Among the records that follow, find the line with "#248 = PCURVE('',#87,#249);" and the line with "#323 = ( GEOMETRIC_REPRESENTATION_CONTEXT(2)". Set down those lines and all lines between them exactly, without adding anything.

Dataset entries
=== Begin Enclosure ===
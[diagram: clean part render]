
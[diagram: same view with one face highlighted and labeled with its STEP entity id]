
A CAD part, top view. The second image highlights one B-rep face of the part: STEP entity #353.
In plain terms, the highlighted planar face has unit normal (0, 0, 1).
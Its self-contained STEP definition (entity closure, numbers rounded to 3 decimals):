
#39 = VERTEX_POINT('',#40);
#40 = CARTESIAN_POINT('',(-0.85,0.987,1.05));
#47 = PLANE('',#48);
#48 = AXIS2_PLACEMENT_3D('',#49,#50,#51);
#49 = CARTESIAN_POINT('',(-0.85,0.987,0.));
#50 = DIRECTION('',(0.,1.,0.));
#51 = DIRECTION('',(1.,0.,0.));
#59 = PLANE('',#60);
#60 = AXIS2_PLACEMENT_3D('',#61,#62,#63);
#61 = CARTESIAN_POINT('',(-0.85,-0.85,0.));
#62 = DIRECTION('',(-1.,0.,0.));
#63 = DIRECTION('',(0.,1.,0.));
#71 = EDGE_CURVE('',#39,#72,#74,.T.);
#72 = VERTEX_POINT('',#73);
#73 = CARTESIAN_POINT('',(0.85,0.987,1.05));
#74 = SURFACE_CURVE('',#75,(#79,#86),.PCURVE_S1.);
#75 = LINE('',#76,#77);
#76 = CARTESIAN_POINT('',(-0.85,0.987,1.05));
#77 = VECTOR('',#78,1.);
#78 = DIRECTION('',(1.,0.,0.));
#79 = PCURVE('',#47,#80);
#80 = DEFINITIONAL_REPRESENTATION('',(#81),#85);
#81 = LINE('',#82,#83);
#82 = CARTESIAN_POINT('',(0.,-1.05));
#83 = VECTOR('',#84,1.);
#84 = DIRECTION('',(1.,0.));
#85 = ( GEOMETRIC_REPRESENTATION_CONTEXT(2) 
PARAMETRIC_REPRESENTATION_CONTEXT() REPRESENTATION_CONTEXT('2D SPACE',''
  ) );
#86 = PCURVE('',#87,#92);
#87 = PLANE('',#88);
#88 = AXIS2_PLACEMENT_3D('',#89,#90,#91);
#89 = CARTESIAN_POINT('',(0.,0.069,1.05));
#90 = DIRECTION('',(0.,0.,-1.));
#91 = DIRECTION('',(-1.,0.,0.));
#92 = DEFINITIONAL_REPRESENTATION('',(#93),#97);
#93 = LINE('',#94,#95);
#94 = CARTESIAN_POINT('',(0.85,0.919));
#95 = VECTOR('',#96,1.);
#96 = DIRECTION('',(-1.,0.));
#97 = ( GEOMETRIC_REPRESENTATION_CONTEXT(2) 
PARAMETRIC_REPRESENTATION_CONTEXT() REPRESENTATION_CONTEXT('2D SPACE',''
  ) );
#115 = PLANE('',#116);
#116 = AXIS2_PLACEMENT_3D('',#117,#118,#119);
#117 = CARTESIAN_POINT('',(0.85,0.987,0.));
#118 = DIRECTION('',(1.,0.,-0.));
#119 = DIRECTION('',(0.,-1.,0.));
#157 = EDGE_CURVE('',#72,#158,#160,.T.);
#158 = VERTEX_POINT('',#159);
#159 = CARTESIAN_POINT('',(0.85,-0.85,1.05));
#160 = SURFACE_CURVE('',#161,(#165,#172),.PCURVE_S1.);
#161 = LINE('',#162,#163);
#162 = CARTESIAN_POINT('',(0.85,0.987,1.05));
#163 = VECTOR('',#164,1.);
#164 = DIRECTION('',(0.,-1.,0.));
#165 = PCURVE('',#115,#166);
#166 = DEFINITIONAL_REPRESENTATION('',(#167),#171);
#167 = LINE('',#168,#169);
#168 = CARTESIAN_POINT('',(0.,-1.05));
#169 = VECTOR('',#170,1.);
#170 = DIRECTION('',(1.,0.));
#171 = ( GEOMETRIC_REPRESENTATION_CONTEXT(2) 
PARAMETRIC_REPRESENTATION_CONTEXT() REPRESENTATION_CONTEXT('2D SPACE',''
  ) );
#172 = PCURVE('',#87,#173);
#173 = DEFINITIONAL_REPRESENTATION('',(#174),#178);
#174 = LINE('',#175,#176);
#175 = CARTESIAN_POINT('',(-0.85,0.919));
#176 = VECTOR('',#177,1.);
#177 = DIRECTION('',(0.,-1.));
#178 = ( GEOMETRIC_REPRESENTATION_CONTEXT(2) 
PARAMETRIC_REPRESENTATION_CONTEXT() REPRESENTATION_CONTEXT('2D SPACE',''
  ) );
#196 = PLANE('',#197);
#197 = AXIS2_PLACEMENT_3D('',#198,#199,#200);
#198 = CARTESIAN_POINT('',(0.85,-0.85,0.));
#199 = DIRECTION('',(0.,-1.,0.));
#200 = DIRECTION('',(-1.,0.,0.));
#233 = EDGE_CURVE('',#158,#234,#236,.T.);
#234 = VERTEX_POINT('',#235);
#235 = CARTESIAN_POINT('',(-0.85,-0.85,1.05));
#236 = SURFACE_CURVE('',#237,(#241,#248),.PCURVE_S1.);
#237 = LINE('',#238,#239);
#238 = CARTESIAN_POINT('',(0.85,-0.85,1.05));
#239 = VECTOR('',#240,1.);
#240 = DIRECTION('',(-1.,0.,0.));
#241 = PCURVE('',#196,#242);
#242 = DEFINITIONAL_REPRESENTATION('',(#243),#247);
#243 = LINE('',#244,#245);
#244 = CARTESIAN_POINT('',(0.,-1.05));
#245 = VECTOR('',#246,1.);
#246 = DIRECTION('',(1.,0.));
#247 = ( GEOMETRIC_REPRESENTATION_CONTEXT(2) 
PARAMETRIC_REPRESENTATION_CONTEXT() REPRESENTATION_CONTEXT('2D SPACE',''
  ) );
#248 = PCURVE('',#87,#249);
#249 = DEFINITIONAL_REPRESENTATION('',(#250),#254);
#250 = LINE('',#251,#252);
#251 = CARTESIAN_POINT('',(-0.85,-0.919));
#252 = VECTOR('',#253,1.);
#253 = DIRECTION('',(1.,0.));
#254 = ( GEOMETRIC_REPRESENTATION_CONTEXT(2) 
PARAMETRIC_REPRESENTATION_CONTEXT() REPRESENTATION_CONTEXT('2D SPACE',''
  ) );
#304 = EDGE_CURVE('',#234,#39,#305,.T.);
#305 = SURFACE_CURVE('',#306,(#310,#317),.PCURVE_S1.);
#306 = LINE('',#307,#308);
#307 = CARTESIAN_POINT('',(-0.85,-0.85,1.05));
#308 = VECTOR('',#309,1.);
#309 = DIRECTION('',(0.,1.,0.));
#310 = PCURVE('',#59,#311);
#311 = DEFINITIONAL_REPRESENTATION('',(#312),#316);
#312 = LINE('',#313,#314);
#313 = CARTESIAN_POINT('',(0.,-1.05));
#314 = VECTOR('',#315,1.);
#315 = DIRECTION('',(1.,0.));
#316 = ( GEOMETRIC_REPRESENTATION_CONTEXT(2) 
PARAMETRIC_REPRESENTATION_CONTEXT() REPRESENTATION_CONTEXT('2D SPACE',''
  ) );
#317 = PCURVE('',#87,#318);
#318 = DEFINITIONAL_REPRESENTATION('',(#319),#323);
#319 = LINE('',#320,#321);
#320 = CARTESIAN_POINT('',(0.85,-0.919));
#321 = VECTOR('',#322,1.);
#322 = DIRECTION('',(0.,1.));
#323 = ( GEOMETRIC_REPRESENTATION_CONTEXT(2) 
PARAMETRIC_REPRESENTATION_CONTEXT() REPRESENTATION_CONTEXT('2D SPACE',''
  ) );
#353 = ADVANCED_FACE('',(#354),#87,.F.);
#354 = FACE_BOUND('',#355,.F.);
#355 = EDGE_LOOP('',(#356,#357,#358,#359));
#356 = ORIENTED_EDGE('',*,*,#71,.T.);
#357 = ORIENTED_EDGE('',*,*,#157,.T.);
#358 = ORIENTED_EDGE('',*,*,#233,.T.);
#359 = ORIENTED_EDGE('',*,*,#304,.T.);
=== End Enclosure ===
**TASK RESULT:**
#248 = PCURVE('',#87,#249);
#249 = DEFINITIONAL_REPRESENTATION('',(#250),#254);
#250 = LINE('',#251,#252);
#251 = CARTESIAN_POINT('',(-0.85,-0.919));
#252 = VECTOR('',#253,1.);
#253 = DIRECTION('',(1.,0.));
#254 = ( GEOMETRIC_REPRESENTATION_CONTEXT(2) 
PARAMETRIC_REPRESENTATION_CONTEXT() REPRESENTATION_CONTEXT('2D SPACE',''
  ) );
#304 = EDGE_CURVE('',#234,#39,#305,.T.);
#305 = SURFACE_CURVE('',#306,(#310,#317),.PCURVE_S1.);
#306 = LINE('',#307,#308);
#307 = CARTESIAN_POINT('',(-0.85,-0.85,1.05));
#308 = VECTOR('',#309,1.);
#309 = DIRECTION('',(0.,1.,0.));
#310 = PCURVE('',#59,#311);
#311 = DEFINITIONAL_REPRESENTATION('',(#312),#316);
#312 = LINE('',#313,#314);
#313 = CARTESIAN_POINT('',(0.,-1.05));
#314 = VECTOR('',#315,1.);
#315 = DIRECTION('',(1.,0.));
#316 = ( GEOMETRIC_REPRESENTATION_CONTEXT(2) 
PARAMETRIC_REPRESENTATION_CONTEXT() REPRESENTATION_CONTEXT('2D SPACE',''
  ) );
#317 = PCURVE('',#87,#318);
#318 = DEFINITIONAL_REPRESENTATION('',(#319),#323);
#319 = LINE('',#320,#321);
#320 = CARTESIAN_POINT('',(0.85,-0.919));
#321 = VECTOR('',#322,1.);
#322 = DIRECTION('',(0.,1.));
#323 = ( GEOMETRIC_REPRESENTATION_CONTEXT(2) 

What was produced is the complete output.